Data Archiving

As part of reproducible research, it is critical to make data and replication files publicly available. Within political science, The Dataverse Network is increasingly seen as the disciplinary standard for where and how to permanently archive data and replication files. This tutorial works through how to archive study data, files, and metadata at The Dataverse Network directly through R.

The Dataverse Network

The Dataverse Network, created by the Institute for Quantitative Social Science at Harvard University, is software and an associated network of websites that permanently archive social data for postereity. The service is free to use, relatively simple, and strengthened by a recently added Application Programming Interface (API) that allows researchers to deposit into the Dataverse directly from R through the dvn package.

The dvn package

To deposit data in the Dataverse, you need to have an account. You can pick which dataverse website you want to use, but I recommend using the Harvard Dataverse, where much political science data is stored. Once you create an account and configure a personal dataverse, you can do almost everything else directly in R. To get started, install and load the dvn package:

install.packages("dvn", repos = "http://cran.r-project.org")
## Warning: package 'dvn' is in use and will not be installed
library(dvn)

Once installed, you'll need to setup your username and password using:

options(dvn.user = "username", dvn.pwd = "password")
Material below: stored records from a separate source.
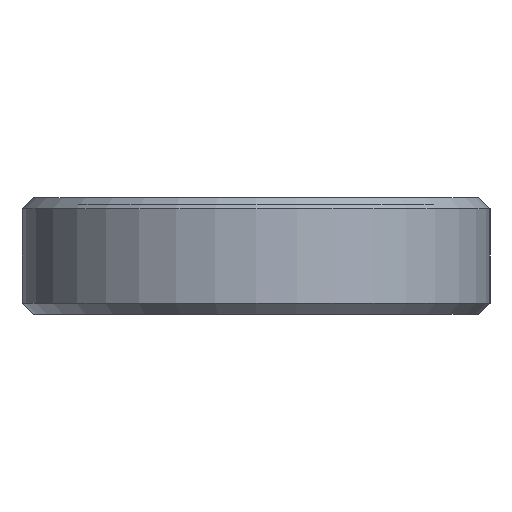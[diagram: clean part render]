
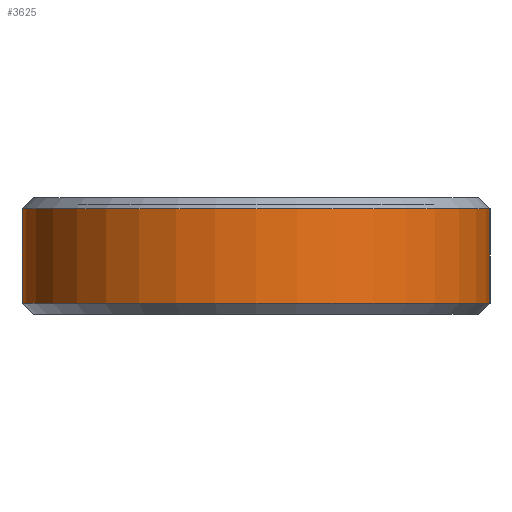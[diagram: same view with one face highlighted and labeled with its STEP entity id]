
A CAD part, left-side view. The second image highlights one B-rep face of the part: STEP entity #3625.
In plain terms, the highlighted cylindrical face has radius 6.25 mm (diameter 12.5 mm), a partial arc.
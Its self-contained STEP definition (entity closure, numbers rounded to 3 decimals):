
#45 = CONICAL_SURFACE('',#46,6.25,0.785);
#46 = AXIS2_PLACEMENT_3D('',#47,#48,#49);
#47 = CARTESIAN_POINT('',(0.,0.,0.3));
#48 = DIRECTION('',(0.,0.,1.));
#49 = DIRECTION('',(0.,1.,0.));
#1322 = VERTEX_POINT('',#1323);
#1323 = CARTESIAN_POINT('',(0.,6.25,0.3));
#1346 = VERTEX_POINT('',#1347);
#1347 = CARTESIAN_POINT('',(0.,-6.25,0.3));
#1368 = EDGE_CURVE('',#1322,#1346,#1369,.T.);
#1369 = SURFACE_CURVE('',#1370,(#1375,#1382),.PCURVE_S1.);
#1370 = CIRCLE('',#1371,6.25);
#1371 = AXIS2_PLACEMENT_3D('',#1372,#1373,#1374);
#1372 = CARTESIAN_POINT('',(0.,0.,0.3));
#1373 = DIRECTION('',(0.,-0.,1.));
#1374 = DIRECTION('',(0.,1.,0.));
#1375 = PCURVE('',#45,#1376);
#1376 = DEFINITIONAL_REPRESENTATION('',(#1377),#1381);
#1377 = LINE('',#1378,#1379);
#1378 = CARTESIAN_POINT('',(0.,0.));
#1379 = VECTOR('',#1380,1.);
#1380 = DIRECTION('',(1.,0.));
#1381 = ( GEOMETRIC_REPRESENTATION_CONTEXT(2) 
PARAMETRIC_REPRESENTATION_CONTEXT() REPRESENTATION_CONTEXT('2D SPACE',''
  ) );
#1382 = PCURVE('',#1383,#1388);
#1383 = CYLINDRICAL_SURFACE('',#1384,6.25);
#1384 = AXIS2_PLACEMENT_3D('',#1385,#1386,#1387);
#1385 = CARTESIAN_POINT('',(0.,0.,0.));
#1386 = DIRECTION('',(-0.,-0.,-1.));
#1387 = DIRECTION('',(1.,0.,0.));
#1388 = DEFINITIONAL_REPRESENTATION('',(#1389),#1393);
#1389 = LINE('',#1390,#1391);
#1390 = CARTESIAN_POINT('',(-1.571,-0.3));
#1391 = VECTOR('',#1392,1.);
#1392 = DIRECTION('',(-1.,0.));
#1393 = ( GEOMETRIC_REPRESENTATION_CONTEXT(2) 
PARAMETRIC_REPRESENTATION_CONTEXT() REPRESENTATION_CONTEXT('2D SPACE',''
  ) );
#1437 = PLANE('',#1438);
#1438 = AXIS2_PLACEMENT_3D('',#1439,#1440,#1441);
#1439 = CARTESIAN_POINT('',(0.,6.25,0.));
#1440 = DIRECTION('',(0.,1.,0.));
#1441 = DIRECTION('',(1.,0.,0.));
#1491 = PLANE('',#1492);
#1492 = AXIS2_PLACEMENT_3D('',#1493,#1494,#1495);
#1493 = CARTESIAN_POINT('',(0.,-6.25,0.));
#1494 = DIRECTION('',(0.,1.,0.));
#1495 = DIRECTION('',(1.,0.,0.));
#3625 = ADVANCED_FACE('',(#3626),#1383,.T.);
#3626 = FACE_BOUND('',#3627,.F.);
#3627 = EDGE_LOOP('',(#3628,#3651,#3680,#3701));
#3628 = ORIENTED_EDGE('',*,*,#3629,.T.);
#3629 = EDGE_CURVE('',#1322,#3630,#3632,.T.);
#3630 = VERTEX_POINT('',#3631);
#3631 = CARTESIAN_POINT('',(0.,6.25,2.825));
#3632 = SURFACE_CURVE('',#3633,(#3637,#3644),.PCURVE_S1.);
#3633 = LINE('',#3634,#3635);
#3634 = CARTESIAN_POINT('',(0.,6.25,0.));
#3635 = VECTOR('',#3636,1.);
#3636 = DIRECTION('',(0.,0.,1.));
#3637 = PCURVE('',#1383,#3638);
#3638 = DEFINITIONAL_REPRESENTATION('',(#3639),#3643);
#3639 = LINE('',#3640,#3641);
#3640 = CARTESIAN_POINT('',(-1.571,0.));
#3641 = VECTOR('',#3642,1.);
#3642 = DIRECTION('',(-0.,-1.));
#3643 = ( GEOMETRIC_REPRESENTATION_CONTEXT(2) 
PARAMETRIC_REPRESENTATION_CONTEXT() REPRESENTATION_CONTEXT('2D SPACE',''
  ) );
#3644 = PCURVE('',#1437,#3645);
#3645 = DEFINITIONAL_REPRESENTATION('',(#3646),#3650);
#3646 = LINE('',#3647,#3648);
#3647 = CARTESIAN_POINT('',(0.,0.));
#3648 = VECTOR('',#3649,1.);
#3649 = DIRECTION('',(0.,-1.));
#3650 = ( GEOMETRIC_REPRESENTATION_CONTEXT(2) 
PARAMETRIC_REPRESENTATION_CONTEXT() REPRESENTATION_CONTEXT('2D SPACE',''
  ) );
#3651 = ORIENTED_EDGE('',*,*,#3652,.T.);
#3652 = EDGE_CURVE('',#3630,#3653,#3655,.T.);
#3653 = VERTEX_POINT('',#3654);
#3654 = CARTESIAN_POINT('',(0.,-6.25,2.825));
#3655 = SURFACE_CURVE('',#3656,(#3661,#3668),.PCURVE_S1.);
#3656 = CIRCLE('',#3657,6.25);
#3657 = AXIS2_PLACEMENT_3D('',#3658,#3659,#3660);
#3658 = CARTESIAN_POINT('',(0.,0.,2.825));
#3659 = DIRECTION('',(0.,-0.,1.));
#3660 = DIRECTION('',(0.,1.,0.));
#3661 = PCURVE('',#1383,#3662);
#3662 = DEFINITIONAL_REPRESENTATION('',(#3663),#3667);
#3663 = LINE('',#3664,#3665);
#3664 = CARTESIAN_POINT('',(-1.571,-2.825));
#3665 = VECTOR('',#3666,1.);
#3666 = DIRECTION('',(-1.,0.));
#3667 = ( GEOMETRIC_REPRESENTATION_CONTEXT(2) 
PARAMETRIC_REPRESENTATION_CONTEXT() REPRESENTATION_CONTEXT('2D SPACE',''
  ) );
#3668 = PCURVE('',#3669,#3674);
#3669 = CONICAL_SURFACE('',#3670,6.25,0.785);
#3670 = AXIS2_PLACEMENT_3D('',#3671,#3672,#3673);
#3671 = CARTESIAN_POINT('',(0.,0.,2.825));
#3672 = DIRECTION('',(-0.,-0.,-1.));
#3673 = DIRECTION('',(0.,1.,0.));
#3674 = DEFINITIONAL_REPRESENTATION('',(#3675),#3679);
#3675 = LINE('',#3676,#3677);
#3676 = CARTESIAN_POINT('',(-0.,-0.));
#3677 = VECTOR('',#3678,1.);
#3678 = DIRECTION('',(-1.,-0.));
#3679 = ( GEOMETRIC_REPRESENTATION_CONTEXT(2) 
PARAMETRIC_REPRESENTATION_CONTEXT() REPRESENTATION_CONTEXT('2D SPACE',''
  ) );
#3680 = ORIENTED_EDGE('',*,*,#3681,.F.);
#3681 = EDGE_CURVE('',#1346,#3653,#3682,.T.);
#3682 = SURFACE_CURVE('',#3683,(#3687,#3694),.PCURVE_S1.);
#3683 = LINE('',#3684,#3685);
#3684 = CARTESIAN_POINT('',(0.,-6.25,0.));
#3685 = VECTOR('',#3686,1.);
#3686 = DIRECTION('',(0.,0.,1.));
#3687 = PCURVE('',#1383,#3688);
#3688 = DEFINITIONAL_REPRESENTATION('',(#3689),#3693);
#3689 = LINE('',#3690,#3691);
#3690 = CARTESIAN_POINT('',(-4.712,0.));
#3691 = VECTOR('',#3692,1.);
#3692 = DIRECTION('',(-0.,-1.));
#3693 = ( GEOMETRIC_REPRESENTATION_CONTEXT(2) 
PARAMETRIC_REPRESENTATION_CONTEXT() REPRESENTATION_CONTEXT('2D SPACE',''
  ) );
#3694 = PCURVE('',#1491,#3695);
#3695 = DEFINITIONAL_REPRESENTATION('',(#3696),#3700);
#3696 = LINE('',#3697,#3698);
#3697 = CARTESIAN_POINT('',(0.,0.));
#3698 = VECTOR('',#3699,1.);
#3699 = DIRECTION('',(0.,-1.));
#3700 = ( GEOMETRIC_REPRESENTATION_CONTEXT(2) 
PARAMETRIC_REPRESENTATION_CONTEXT() REPRESENTATION_CONTEXT('2D SPACE',''
  ) );
#3701 = ORIENTED_EDGE('',*,*,#1368,.F.);

Remember not to share your username and password with others. Since the remainder of this tutorial only works with a proper username and password, the following code is commented out, but should run on your machine: You can check to make sure your login credentials work by retrieving your Service Document:

# dvServiceDoc()

If that succeeds, then you can easily create a study by setting up some metadata (e.g., the title, author, etc. for your study) and then using dvCreateStudy to create that the study listing.

# writeLines(dvBuildMetadata(title='My Study'),'mystudy.xml') created <-
# dvCreateStudy('mydataverse','mystudy.xml')

Then, you need to add files. dvn is versatile with regard to how to do this, allowing you to submit either filenames as character strings:

# dvAddFile(created$objectId,filename=c('file1.csv','file2.txt'))

dataframes currently loaded in memory:

# dvAddFile(created$objectId,dataframe=mydf)

or a .zip file containing multiple files:

# dvAddFile(created$objectId,filename='files.zip')

You can then confirm that everything has been uploaded successfully by examining the Study Statement:

# dvStudyStatement(created$objectId)

If everything looks good, you can then release the study publicly:

# dvReleaseStudy(created$objectid)

The dvn package also allows you to modify the metadata and delete files, but the above constitutes a complete workflow to making your data publicly available. See the package documentation for more details.

Searching for data using dvn

dvn additionally allows you to search for study data directly from R. For example, you can find all of my publicly available data using:

search <- dvSearch(list(authorName = "leeper"))
## 6 search results returned

Thus archiving your data on The Dataverse Network makes it readily accessible to R users everywhere, forever.